BGH, Urteil vom 17.07.2012 - II ZR 55/11
Fundstelle
openJur 2012, 71779
  • Rkr:
Verfahrensgang
  • vorher: Az. 4 U 76/10

Die Wiederbestellung eines Vorstandsmitglieds für (höchstens) fünf Jahre nach einverständlicher Amtsniederlegung früher als ein Jahr vor Ablauf der ursprünglichen Bestelldauer ist grundsätzlich zulässig und stellt auch dann, wenn für diese Vorgehensweise keine besonderen Gründe gegeben sind, keine unzulässige Umgehung des § 84 Abs. 1 Satz 3 AktG dar.

Tenor

Auf die Revision der Beklagten wird das Urteil des 4. Zivilsenats des Pfälzischen Oberlandesgerichts Zweibrücken vom 3. Februar 2011 in der Fassung des Berichtigungsbeschlusses vom 29. März 2011 aufgehoben.

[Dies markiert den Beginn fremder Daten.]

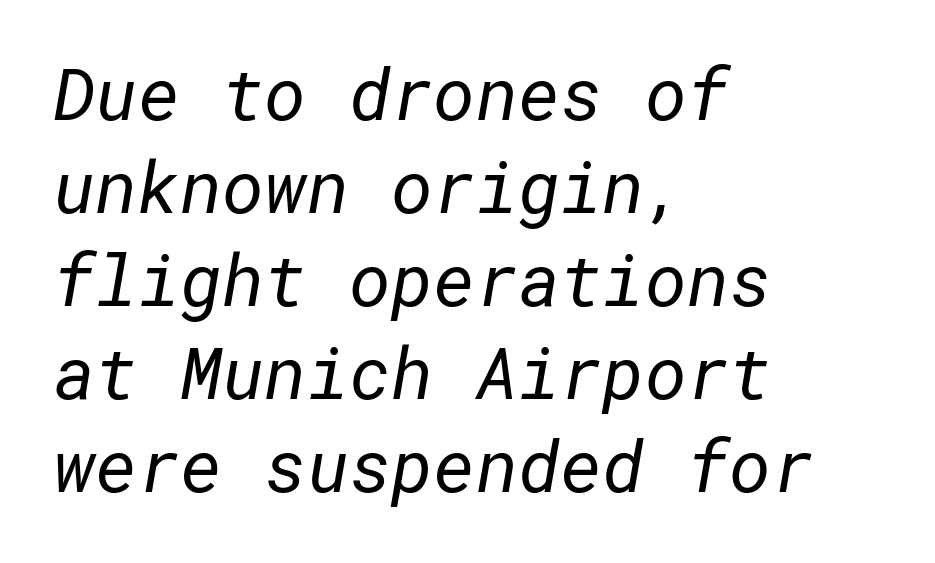
Q: Is the text bold? A: No.
Q: Is the typeface a serif or a sans-serif typeface? A: Sans-serif.
Q: Is the text underlined? A: No.
Q: How is the paragraph aligned? A: Left-aligned.
Q: Is the spacing between letters normal or unusually wide? A: Normal.
Q: Is the spacing between lines tight, normal or loose? A: Normal.
Q: Width (condensed, normal, or wide)? A: Normal.
Q: Stroke contrast? A: Low.
Q: x-height? A: Medium.
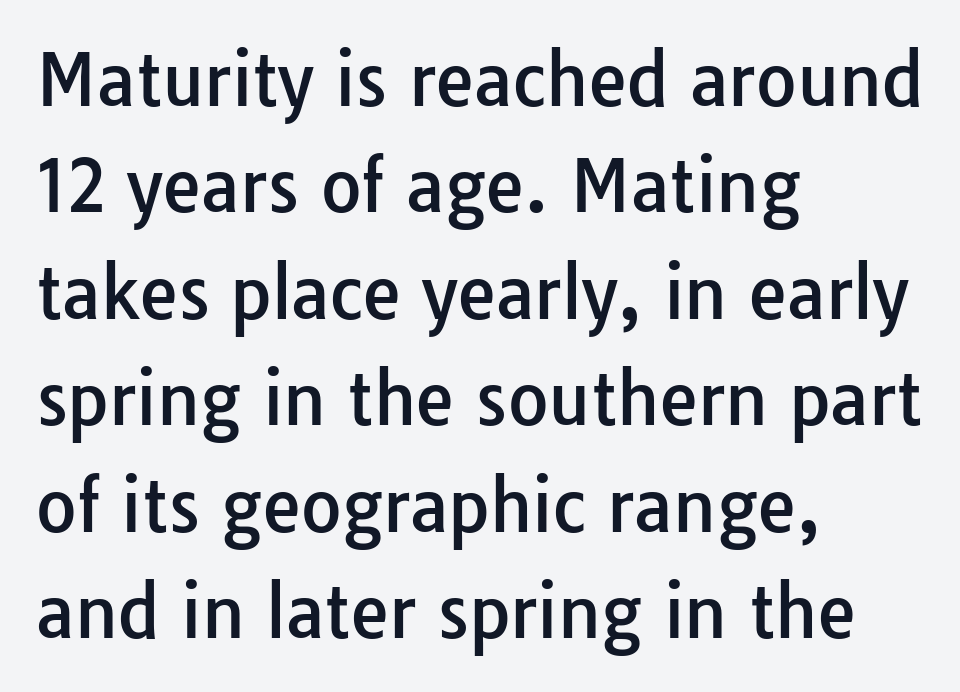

Die Berufung des Klägers gegen das Urteil der 2. Kammer für Handelssachen des Landgerichts Frankenthal (Pfalz) vom 22. April 2010 wird zurückgewiesen.

Die Kosten der Rechtsmittelverfahren werden dem Kläger auferlegt.

Von Rechts wegen.

Tatbestand

Der Kläger ist seit dem 21. August 2008 Mitglied des Aufsichtsrats der beklagten Aktiengesellschaft. Die Anteile an der Beklagten werden - teils mittelbar über eine Holding - von den beiden Familienstämmen E. H. und 1 B. H. gehalten. Zwischen den Stämmen gibt es erhebliche Spannungen.

Zu Mitgliedern des zunächst vierköpfigen Vorstands der Beklagten wurden im Jahr 2005 G. B. , der Schwiegersohn des B. H. , und im Jahr 2006 A. K. jeweils für die Zeit bis zum 21. Januar 2010 bestellt. Daneben gehörten dem Vorstand E. H. und K. J. an. Am 6. Juli 2007 beschloss der Aufsichtsrat, dessen Vorsitzender zu dieser Zeit B. H. war, einstimmig, die Bestellung der Vorstandsmitglieder B. und K. einvernehmlich aufzuheben und sie zugleich für die Dauer von fünf Jahren erneut zu Mitgliedern des Vorstands zu bestellen. Am selben Tag legte das Vorstandsmitglied J. sein Amt nieder. Am folgenden Tag fand eine Hauptversammlung der Beklagten statt, auf der ein neuer Aufsichtsrat gewählt wurde. In der Folgezeit scheiterte ein Versuch, die Vorstandsmitglieder B. und K. abzuberufen, an einer Pattsituation im neuen Aufsichtsrat.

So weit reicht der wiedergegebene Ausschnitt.